> _Problem_: With the pictures left out, restate exactly the part below that opens with the line containing "Heart size: 2" and closes with the line containing "human: [s2_rgb_10]".

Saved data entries
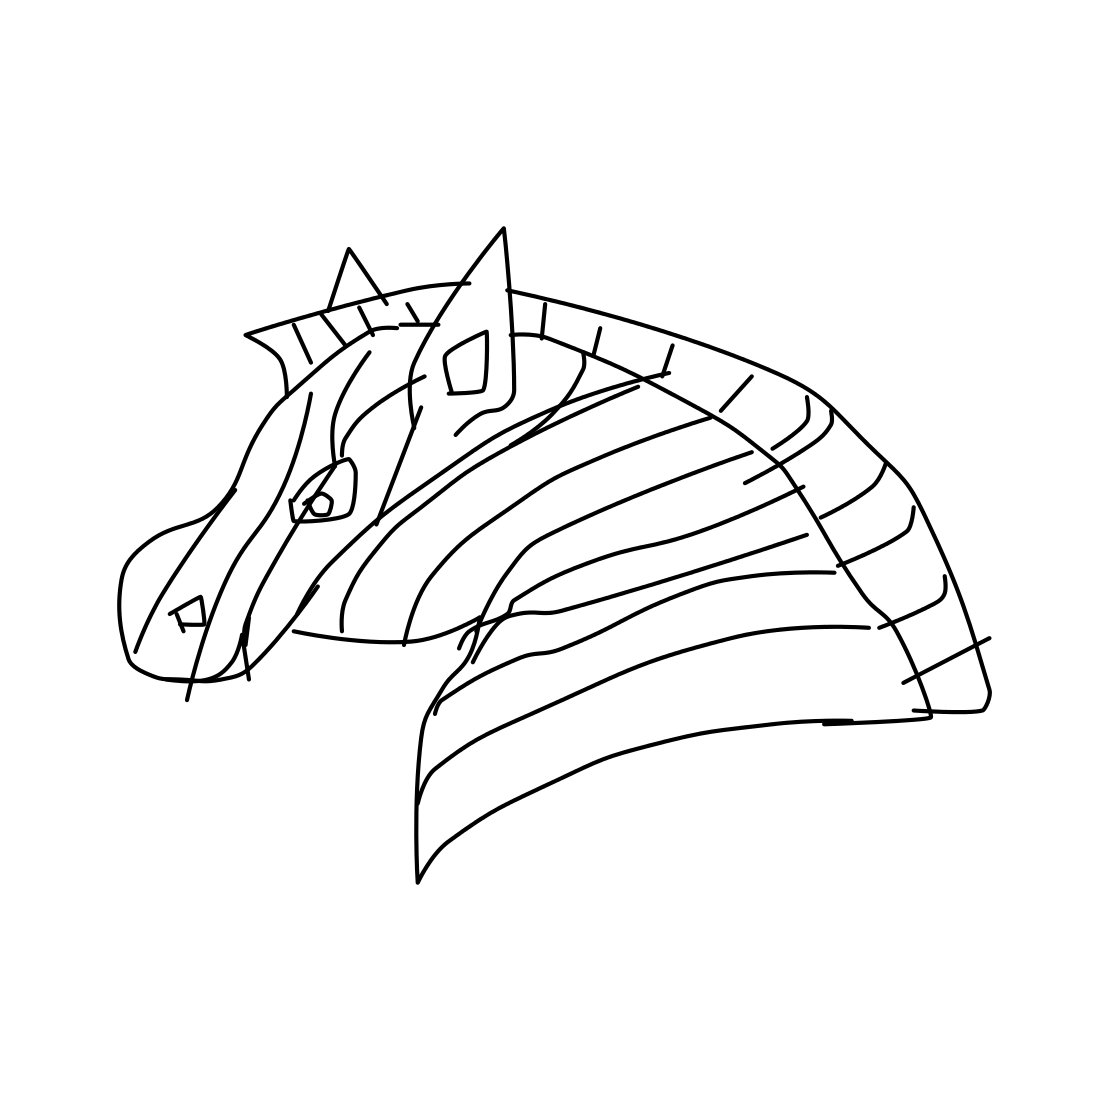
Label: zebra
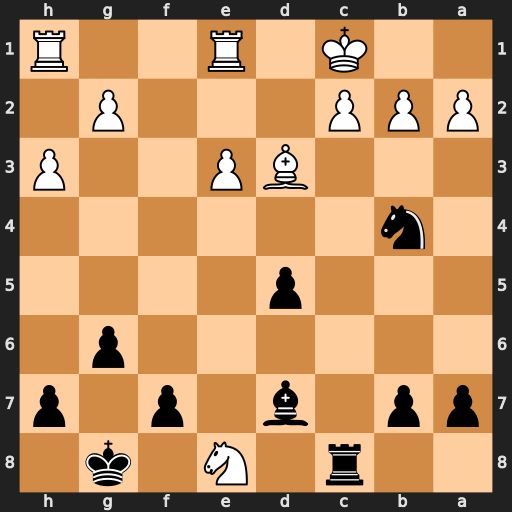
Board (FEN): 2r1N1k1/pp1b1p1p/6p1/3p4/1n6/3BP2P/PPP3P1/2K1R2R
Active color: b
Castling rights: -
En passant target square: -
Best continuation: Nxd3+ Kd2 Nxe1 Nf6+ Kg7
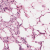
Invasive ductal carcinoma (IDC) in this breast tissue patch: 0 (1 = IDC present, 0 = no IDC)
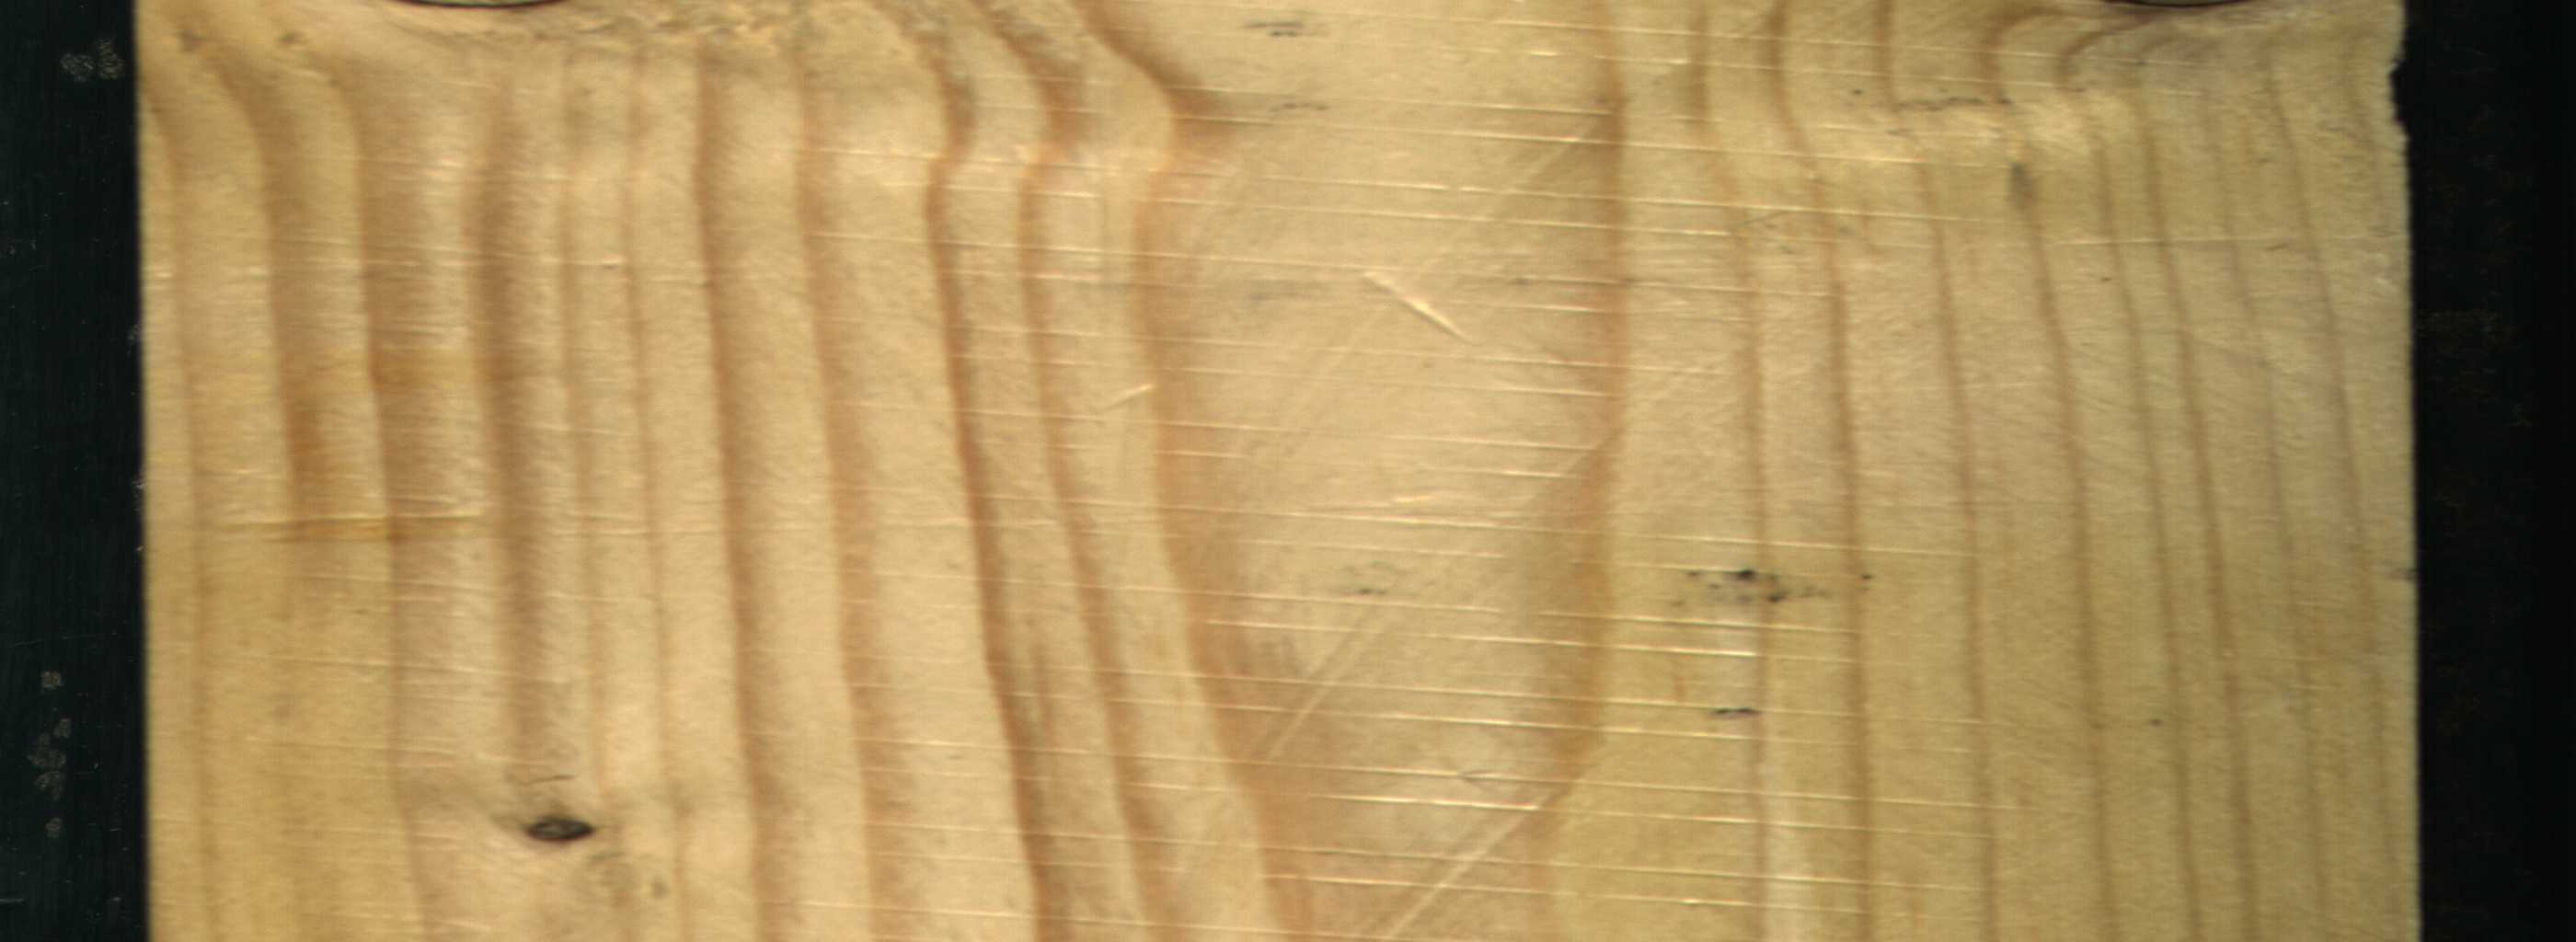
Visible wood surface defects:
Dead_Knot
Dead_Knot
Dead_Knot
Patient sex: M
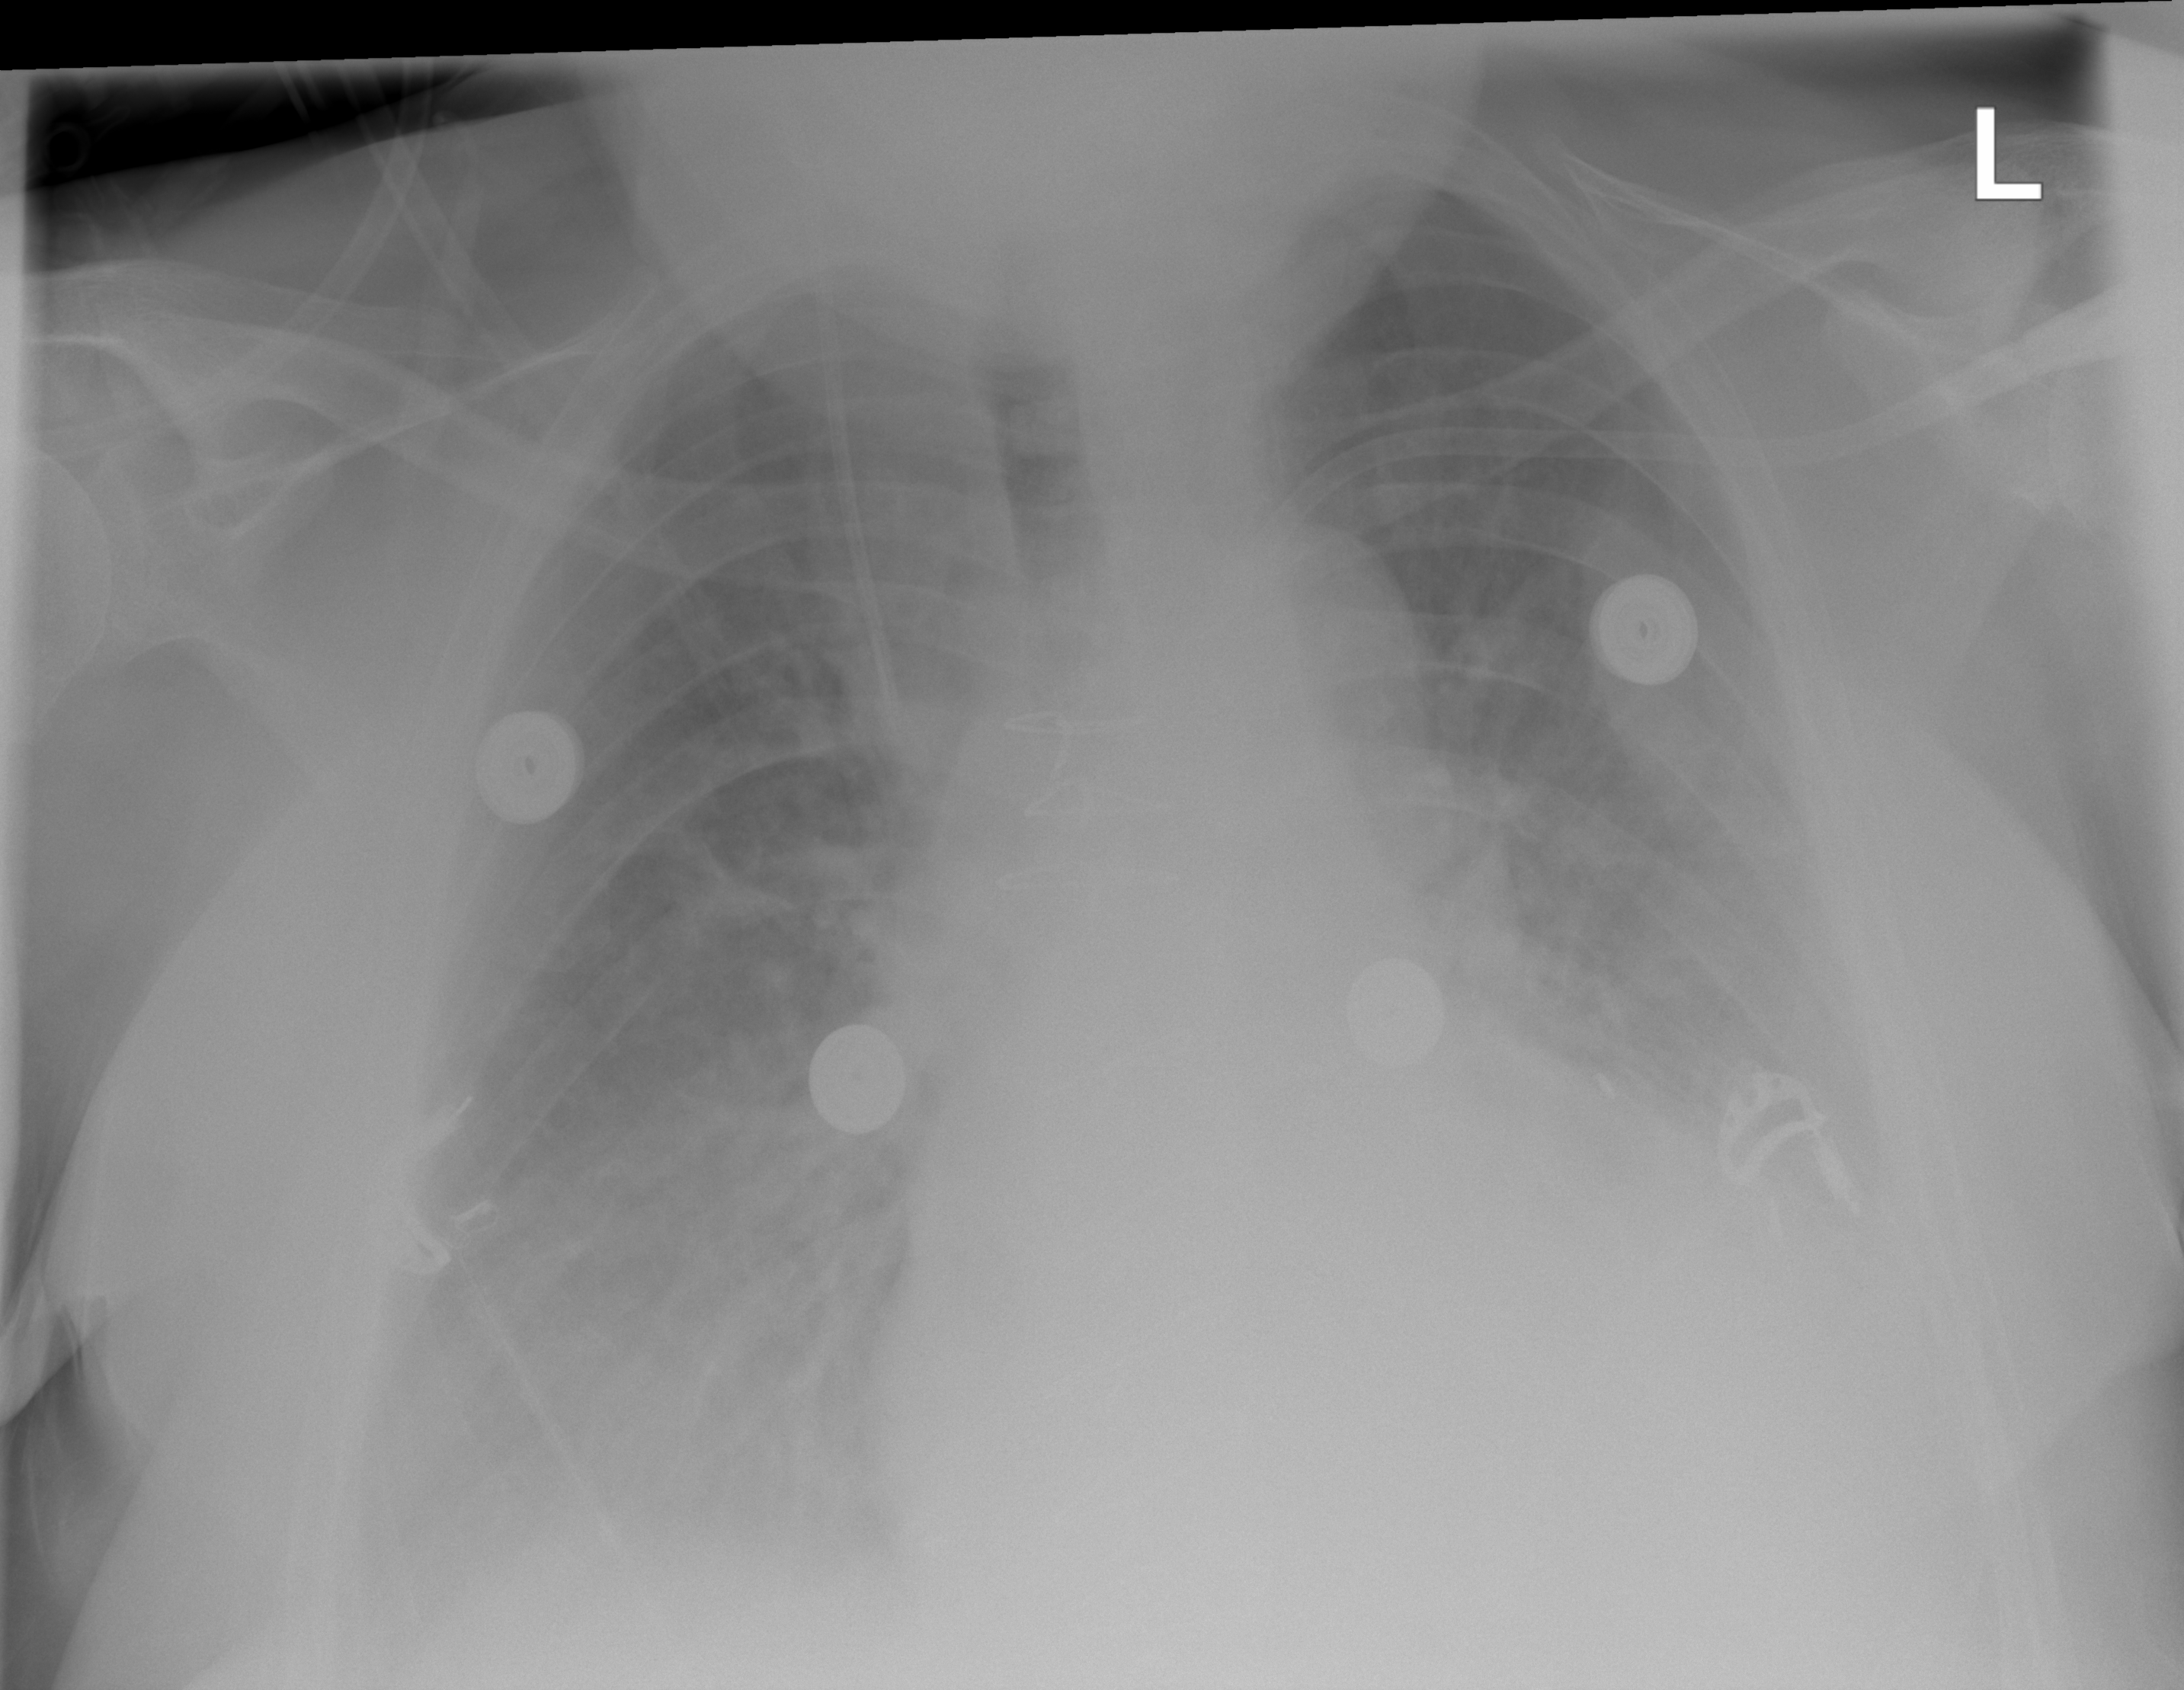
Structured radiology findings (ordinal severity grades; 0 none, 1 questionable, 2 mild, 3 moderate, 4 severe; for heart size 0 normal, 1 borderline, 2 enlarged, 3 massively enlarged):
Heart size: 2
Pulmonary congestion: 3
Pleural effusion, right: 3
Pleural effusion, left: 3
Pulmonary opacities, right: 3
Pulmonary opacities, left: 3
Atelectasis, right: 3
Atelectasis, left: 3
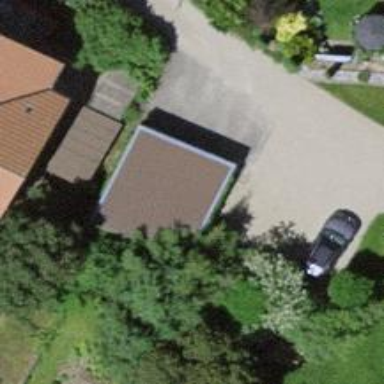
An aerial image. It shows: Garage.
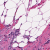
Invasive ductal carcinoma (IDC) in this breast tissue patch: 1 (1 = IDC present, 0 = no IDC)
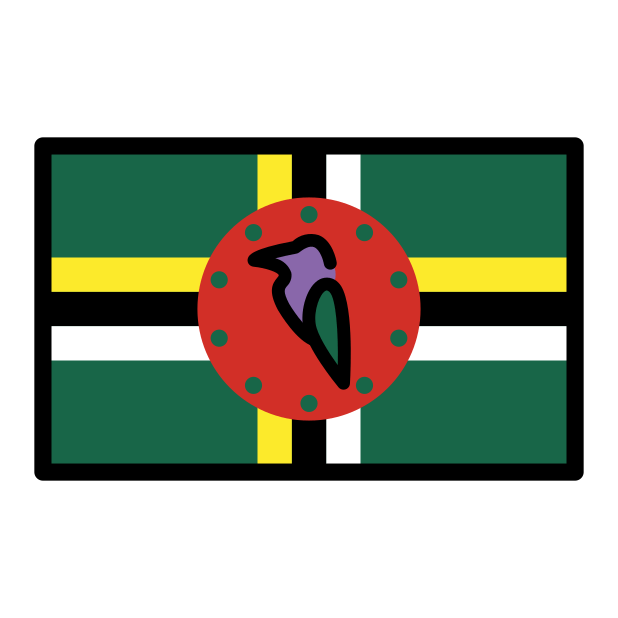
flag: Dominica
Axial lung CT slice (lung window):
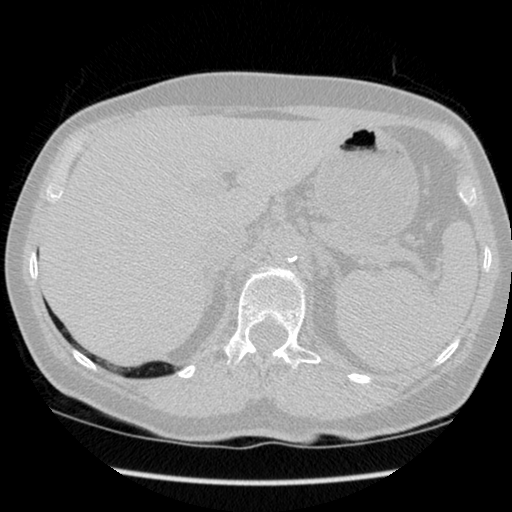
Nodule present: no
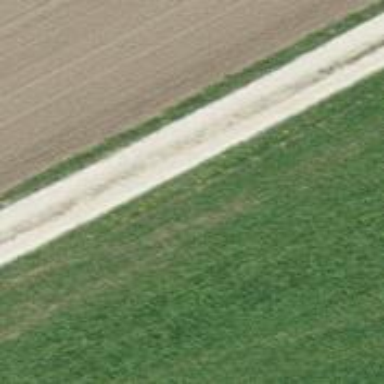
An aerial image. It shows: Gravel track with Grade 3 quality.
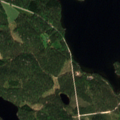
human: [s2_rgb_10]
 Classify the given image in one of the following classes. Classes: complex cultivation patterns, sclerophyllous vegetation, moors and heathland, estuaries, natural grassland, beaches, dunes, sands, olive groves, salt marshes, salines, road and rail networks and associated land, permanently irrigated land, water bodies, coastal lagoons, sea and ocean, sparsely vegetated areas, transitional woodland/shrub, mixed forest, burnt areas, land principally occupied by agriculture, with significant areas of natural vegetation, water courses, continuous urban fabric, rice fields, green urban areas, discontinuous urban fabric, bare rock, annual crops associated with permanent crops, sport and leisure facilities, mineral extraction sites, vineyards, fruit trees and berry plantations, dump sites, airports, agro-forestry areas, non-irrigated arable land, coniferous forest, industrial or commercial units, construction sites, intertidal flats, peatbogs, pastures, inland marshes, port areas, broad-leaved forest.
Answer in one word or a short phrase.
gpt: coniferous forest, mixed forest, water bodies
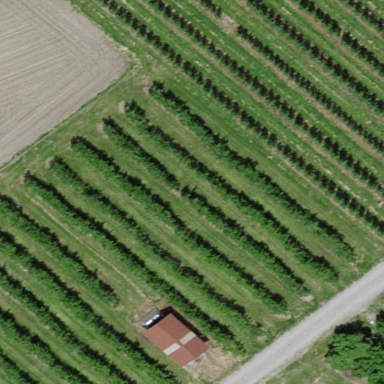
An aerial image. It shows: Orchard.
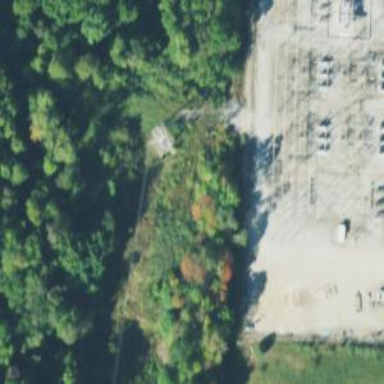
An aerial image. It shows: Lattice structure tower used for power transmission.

> _Expected output_:
Heart size: 2
Pulmonary congestion: 3
Pleural effusion, right: 3
Pleural effusion, left: 3
Pulmonary opacities, right: 3
Pulmonary opacities, left: 3
Atelectasis, right: 3
Atelectasis, left: 3
An aerial image. It shows: Garage.
Invasive ductal carcinoma (IDC) in this breast tissue patch: 1 (1 = IDC present, 0 = no IDC)
flag: Dominica
Axial lung CT slice (lung window):
Nodule present: no
An aerial image. It shows: Gravel track with Grade 3 quality.
human: [s2_rgb_10]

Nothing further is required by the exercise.